There is an educational component that can be a part of treatment that would include 504 plans or Individualized Educational Plans, in which schools can help accommodate this disorder in different ways.
Substance Abuse and Stimulant Medication
I feel this is important to mention in this discussion as this is likely one of the biggest worries for parents, and appropriately so. Stimulant medications are controlled substances secondary to the possibility of abuse if not used appropriately and how they are prescribed. There are multiple long-term studies related to this that all show that untreated ADHD does have an increased risk of substance abuse but that treated ADHD has a decreased likelihood of substance use disorder compared to the general population. The thought is that the inherent impulsivity that is a portion of ADHD would put them at increased risk of substance use, but if controlled appropriately with medication, it would reduce that risk. This is addressed in a few resource websites at the end.

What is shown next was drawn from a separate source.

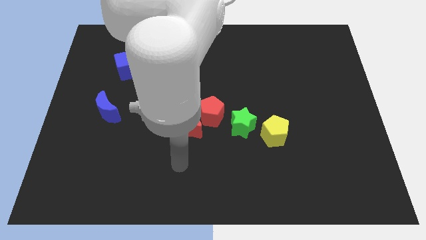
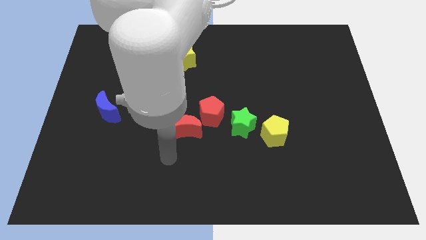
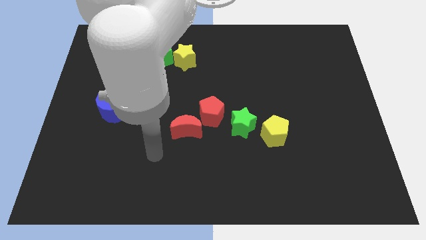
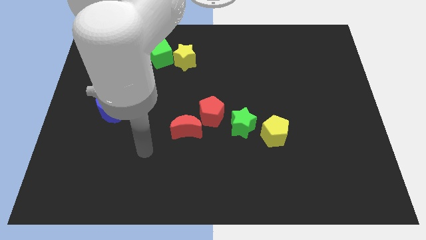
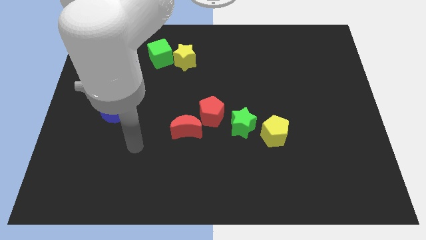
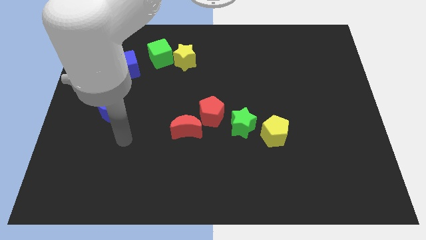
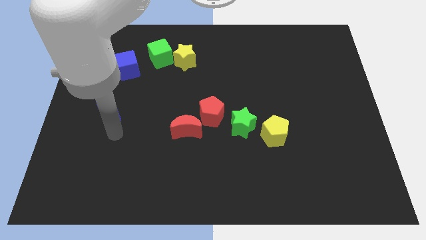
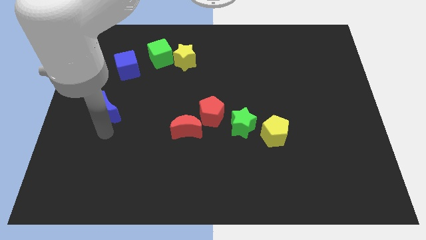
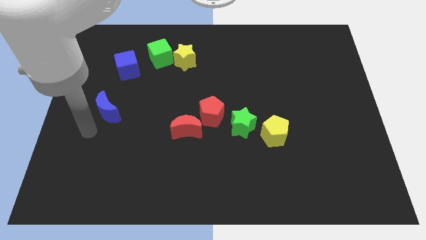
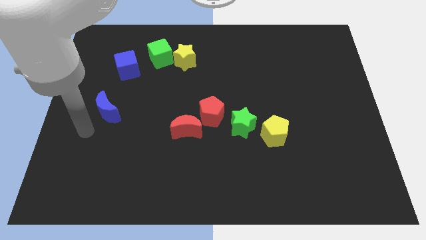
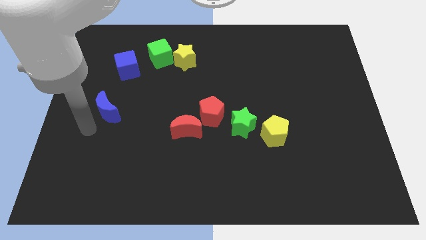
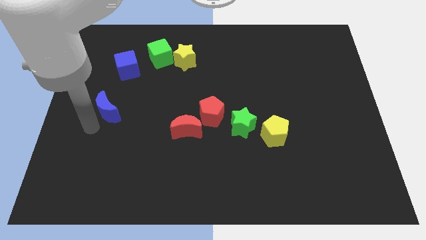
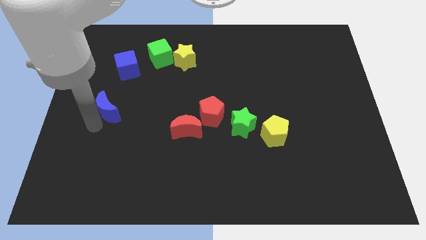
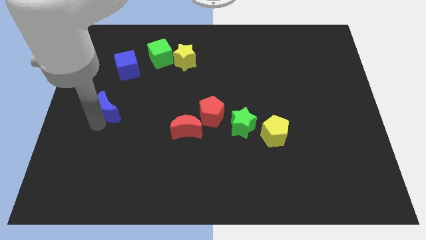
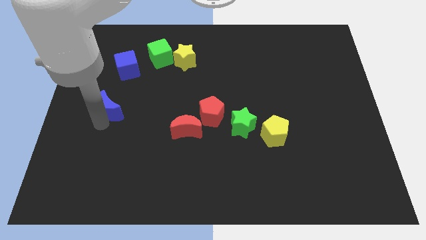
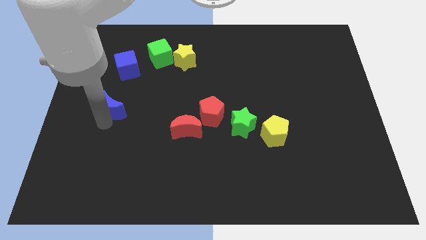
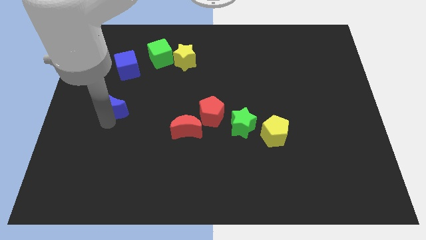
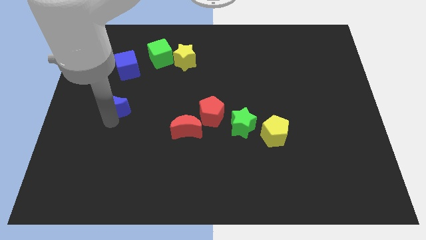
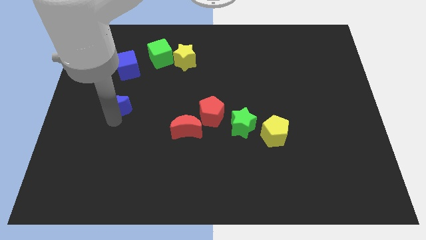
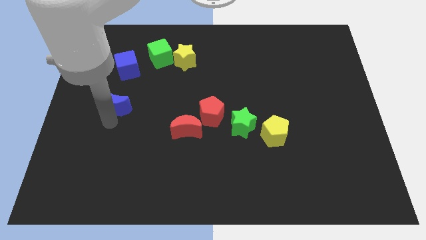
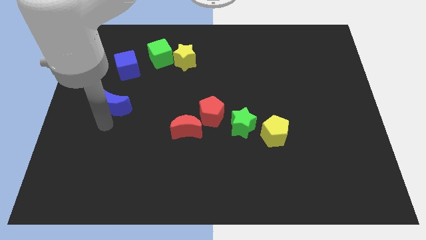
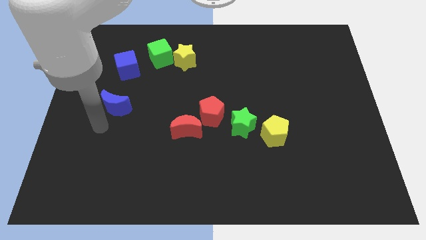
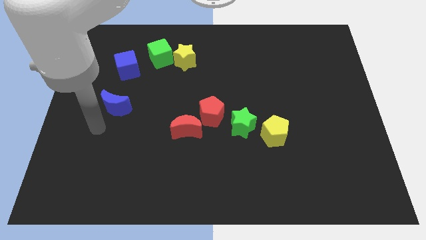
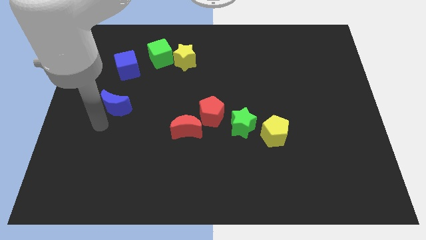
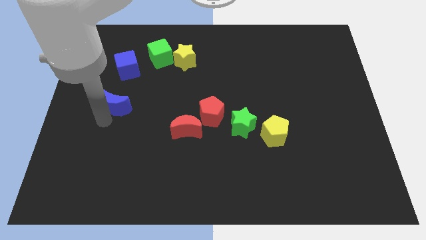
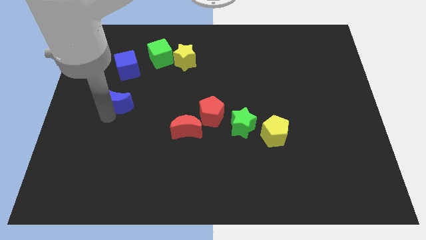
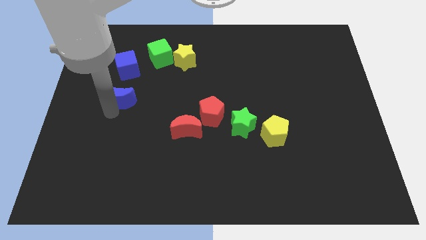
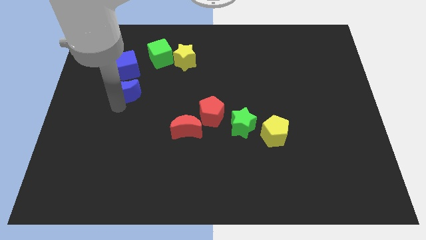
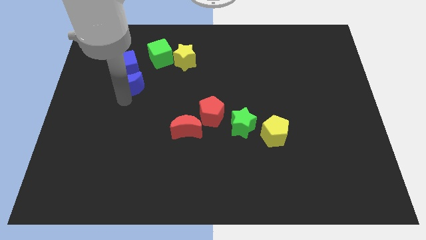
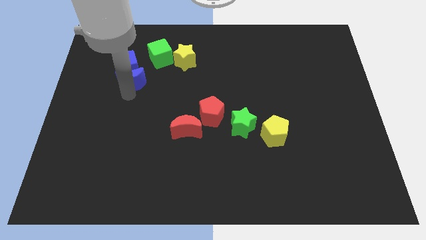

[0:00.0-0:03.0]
slide the blue moon towards the blue cube

What to expect at the initial consultation visit for ADHD
The first visit will take the longest in order to sort things out. As discussed, completing forms before the visit will also be important. The most common form we will use will be called the Vanderbilt form. These can be easily found online and can also be found on the Parkside Pediatric website under ADHD forms. We will ask questions about the behaviors you, as the parent, and the teacher are seeing. We will ask questions about grades at school and how well your little one does with certain subjects. We will ask for past family history, not only for ADHD diagnosis but for other relevant medical problems as well. We will then do a pertinent physical exam.
At the end of the visit, we will discuss our conclusions as to whether the symptoms meet the criteria for ADHD. If a diagnosis of ADHD is made, then a discussion of therapy and medication will be next. The discussion with medication will include what type of medication, how they will take it, when they will take it, and potential side effects. If a new medication is started, we typically will follow up with you within a month to see how the medication is working and note side effects.
What to expect at subsequent visits for ADHD
On follow-up visits, you will fill out a short form about how things are going. The clinician will discuss how things have been going in regards to school (teacher perspective) and home, but will also discuss potential side effects that have been noted (change in appetite, aggression, headache, sleep disturbances, etc.). We will also discuss when the medicine seems to be wearing off. Changes can be made at that time if they are needed. If medication changes are made, we typically ask you to follow up in one month for a recheck. If things are going well and no change in dosages is needed, we can follow up every three months.